傍晚十分,阿曼苏丹国国王带着他最疼爱的孙子沙尔,小儿子儿子玛特,玛特的女儿琼一起来到尹家。
一列车队经过长而幽深的林木扶疏的青石通道,十分钟后,才停在主楼门前,尹冶收敛了往日的霸气,亲自率众人在门口迎接,夏雪,何氏夫妇,叶永康等都曾在宴会中与玛特打过照面,婉阑,尹哲也与琼熟络得很。众人见面,老的与老的,小的与小的。都是亲亲热热的寒暄了一番,全场,只有唐婉,欧明宇,沙尔面无表情的站在原地。
沙尔脸色苍白,唇色僵紫,人虚弱地站立着,好象风一吹就会倒,他的目光略过众人的脸,不见念恩,微感失望。无意间,又瞥到了唐婉那双好奇,羡慕,又充满征服欲的眸光,心头一震,仅凭直觉,便对这个漂亮的女子没有好感。而一旁的欧明宇做梦都没想到,自己竟能像政府领导人那样,接见这位中东国家的国王,一时又惊又喜。
至于念恩,由于她这两日奔波劳累,又整日整夜的守在宵子病床前,泡完澡后,整个人疲倦已极,一回房间,倒头就睡。宵子人生地不熟,又不忍心吵醒念恩,于是安安静静的守在一旁,幸好,不一会儿,浅毅来了,他体贴的为念恩盖上被子之后,带着宵子略微的参观了一下这座壮观的尹家别苑,然后又请美容师为她打扮梳妆,为晚上的聚餐做准备。而他自己则回到念恩的房间,静静的坐在她床边看书,一切都是那么的安逸和美好。
傍晚,念恩极不情愿的被浅毅从被窝里拖起,睡眼朦胧的她好似仍在梦中,只觉得困的要命,周围的一切都是摇摇晃晃的,而自己之所以能够站稳,完全是靠浅毅的左手撑着,而他的右手则代替了她自己的,艰难地替她完成了洗脸和刷牙的任务,好不容易折腾完了,念恩干脆双手环抱住浅毅的腰,将整个身体都投入浅毅的怀中,继续做她的美梦。
浅毅见她如此,也只有无奈的份,虽然心急于宴会,但软玉温香的滋味又令他舍不得放手。

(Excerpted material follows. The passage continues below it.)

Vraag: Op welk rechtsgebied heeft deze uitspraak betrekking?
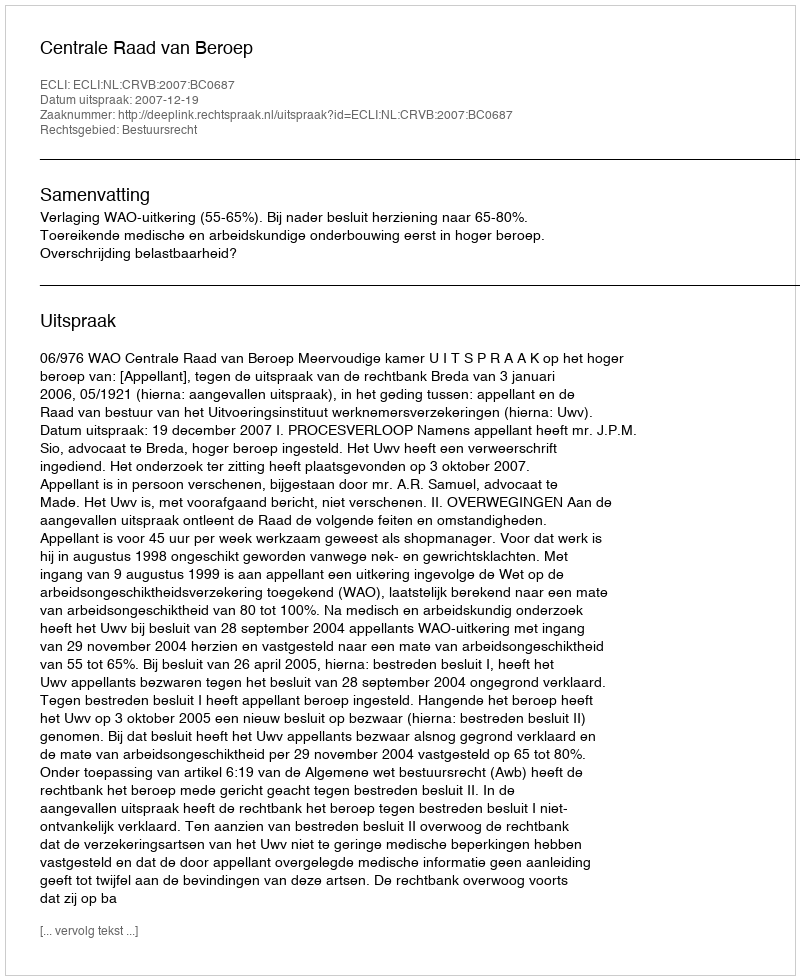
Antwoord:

怀中渴睡的人儿是他自幼便疼极爱极的,不自禁的心摇神驰,意酣魂醉,只希望这刻的缠绵温存永远也不要停。
只可惜,宵子的到来打断了浅毅的‘妄想’,老国王的车队已经来了,念恩却还没醒,百般无奈下,宵子只得呵她痒痒,硬生生的将她弄醒,再经过一番化装折腾,他们已经赶不上出门迎接了。
而门口,尹冶亲热的与老国王握手叙旧,两人多年不见,一见面便关心对方的近况,似是想把这些年的状况一口气全都报给对方听。还是在夏雪的提醒下,才发现,众人都已打招呼完毕,全都聚焦于他们两人身上,最后,尹冶笑着将众人引入室内。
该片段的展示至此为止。